Activity :: Using the records below, return exactly the lines from the one containing "2016 and 2022." through the last, and omit pictures.

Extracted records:

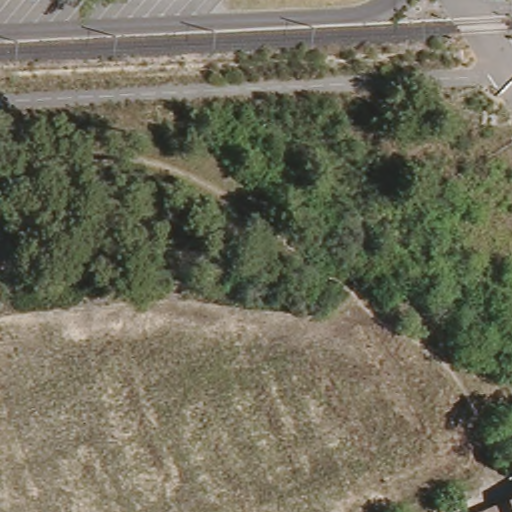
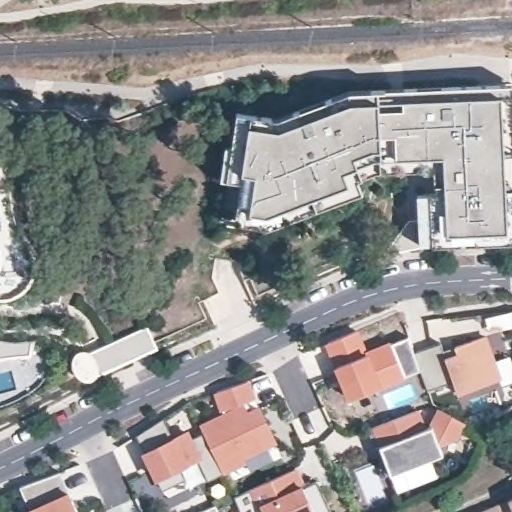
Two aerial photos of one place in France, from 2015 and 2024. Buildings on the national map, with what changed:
new [(420,220),(417,194),(434,193),(433,167),(379,169),(364,176),(357,179),(362,191),(267,226),(235,221),(240,181),(226,179),(220,178),(224,146),(231,147),(238,112),(276,119),(348,91),(378,89),(378,84),(512,80),(512,241),(421,246),(384,254),(408,220),(420,220)]
new [(3,150),(7,153),(11,159),(13,164),(13,172),(12,183),(13,197),(15,210),(19,222),(24,232),(30,243),(35,254),(34,265),(32,274),(27,281),(21,287),(14,290),(5,293),(0,293),(0,148),(3,150)]
new [(156,348),(98,374),(96,377),(92,380),(89,380),(85,380),(81,378),(77,375),(74,371),(73,367),(72,361),(74,357),(77,353),(81,351),(86,351),(90,352),(147,327),(156,348)]
new [(356,332),(365,355),(391,344),(405,377),(351,400),(327,344),(356,332)]
new [(414,352),(441,343),(445,357),(457,354),(455,347),(485,338),(498,382),(457,394),(453,382),(427,390),(414,352)]
new [(4,341),(12,342),(20,341),(34,340),(32,357),(0,361),(0,340),(4,341)]
new [(457,354),(445,357),(443,351),(455,347),(457,354)]
new [(247,381),(254,397),(242,402),(248,415),(260,410),(274,443),(241,458),(243,462),(222,472),(202,430),(199,424),(225,415),(217,392),(247,381)]
new [(242,402),(249,399),(254,412),(248,415),(242,402)]
new [(417,411),(424,429),(432,426),(440,409),(463,422),(455,438),(439,444),(443,454),(391,475),(386,476),(367,430),(375,427),(417,411)]
demolished [(512,417),(512,426),(503,431),(494,418),(508,410),(512,417)]
new [(222,472),(207,481),(206,479),(166,498),(144,451),(137,435),(164,417),(174,437),(186,431),(188,437),(202,430),(222,472)]
new [(294,469),(303,488),(316,481),(330,512),(240,512),(234,497),(294,469)]
new [(60,472),(70,493),(77,512),(28,512),(36,508),(26,484),(54,474),(60,472)]
new [(26,484),(36,508),(30,511),(20,486),(26,484)]
new [(218,512),(200,512),(215,505),(218,512)]
unchanged [(512,509),(512,512),(504,512),(512,509)]

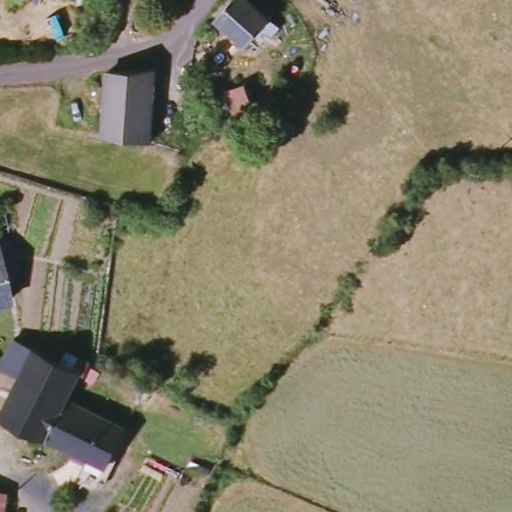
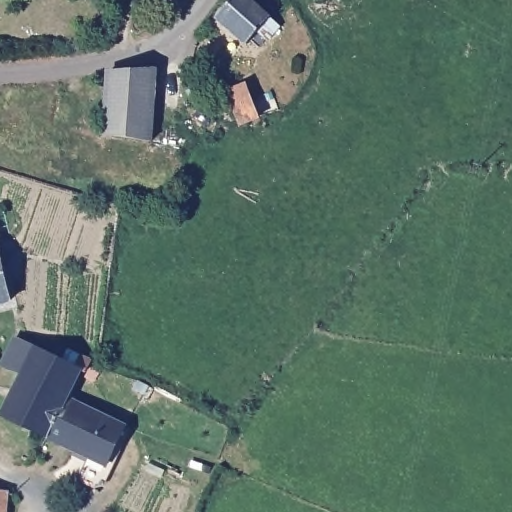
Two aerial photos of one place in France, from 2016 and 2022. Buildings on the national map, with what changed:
unchanged [(263,38),(254,29),(242,42),(212,15),(226,0),(249,0),(266,14),(276,24),(263,38)]
unchanged [(249,0),(280,0),(266,14),(249,0)]
unchanged [(148,143),(101,135),(106,73),(154,69),(148,143)]
unchanged [(246,87),(260,120),(241,126),(229,92),(246,87)]
unchanged [(0,304),(0,256),(12,302),(0,304)]
unchanged [(129,422),(101,479),(85,474),(91,452),(51,433),(4,409),(21,369),(3,362),(19,333),(40,343),(65,356),(71,346),(94,358),(90,369),(85,367),(72,394),(129,422)]
unchanged [(0,491),(11,492),(9,512),(0,512),(0,491)]

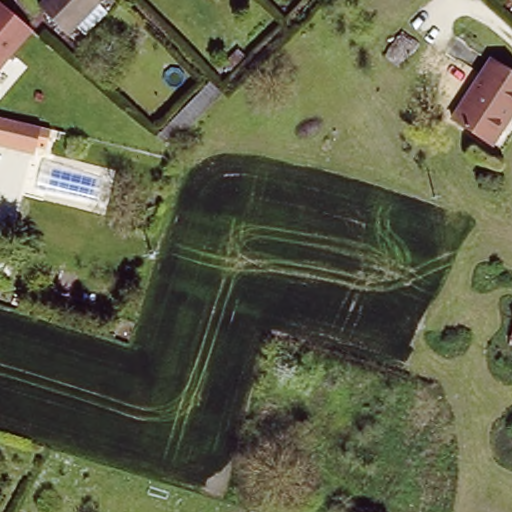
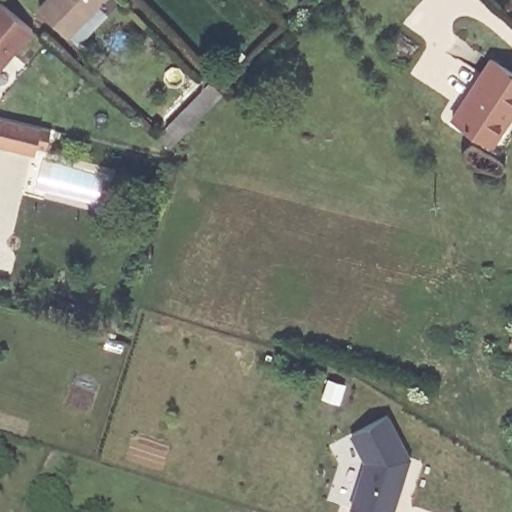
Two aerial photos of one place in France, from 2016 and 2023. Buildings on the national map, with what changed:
unchanged [(0,66),(0,0),(2,0),(32,28),(0,66)]
unchanged [(91,0),(65,27),(39,1),(39,0),(91,0)]
unchanged [(484,138),(452,115),(492,57),(512,70),(512,109),(489,142),(484,138)]
new [(209,82),(223,96),(172,148),(157,135),(209,82)]
unchanged [(0,115),(42,125),(36,152),(0,145),(0,115)]
unchanged [(496,341),(506,305),(512,307),(512,346),(496,341)]
new [(387,413),(410,457),(393,512),(362,512),(347,507),(363,463),(348,435),(387,413)]

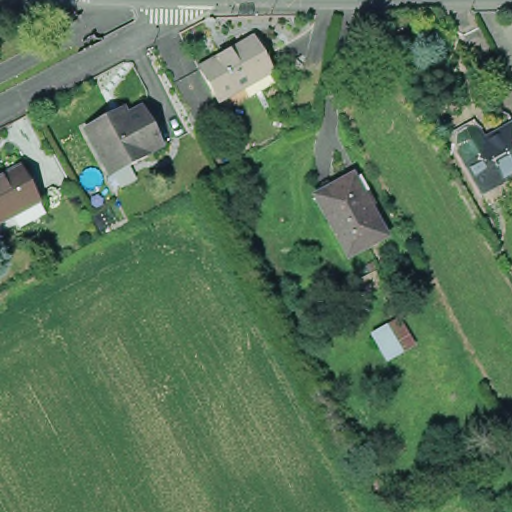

Reply to the task ::
Two aerial photos of one place in France, from 2016 and 2022. Buildings on the national map, with what changed:
unchanged [(263,38),(254,29),(242,42),(212,15),(226,0),(249,0),(266,14),(276,24),(263,38)]
unchanged [(249,0),(280,0),(266,14),(249,0)]
unchanged [(148,143),(101,135),(106,73),(154,69),(148,143)]
unchanged [(246,87),(260,120),(241,126),(229,92),(246,87)]
unchanged [(0,304),(0,256),(12,302),(0,304)]
unchanged [(129,422),(101,479),(85,474),(91,452),(51,433),(4,409),(21,369),(3,362),(19,333),(40,343),(65,356),(71,346),(94,358),(90,369),(85,367),(72,394),(129,422)]
unchanged [(0,491),(11,492),(9,512),(0,512),(0,491)]

Two aerial photos of one place in France, from 2016 and 2023. Buildings on the national map, with what changed:
unchanged [(0,66),(0,0),(2,0),(32,28),(0,66)]
unchanged [(91,0),(65,27),(39,1),(39,0),(91,0)]
unchanged [(484,138),(452,115),(492,57),(512,70),(512,109),(489,142),(484,138)]
new [(209,82),(223,96),(172,148),(157,135),(209,82)]
unchanged [(0,115),(42,125),(36,152),(0,145),(0,115)]
unchanged [(496,341),(506,305),(512,307),(512,346),(496,341)]
new [(387,413),(410,457),(393,512),(362,512),(347,507),(363,463),(348,435),(387,413)]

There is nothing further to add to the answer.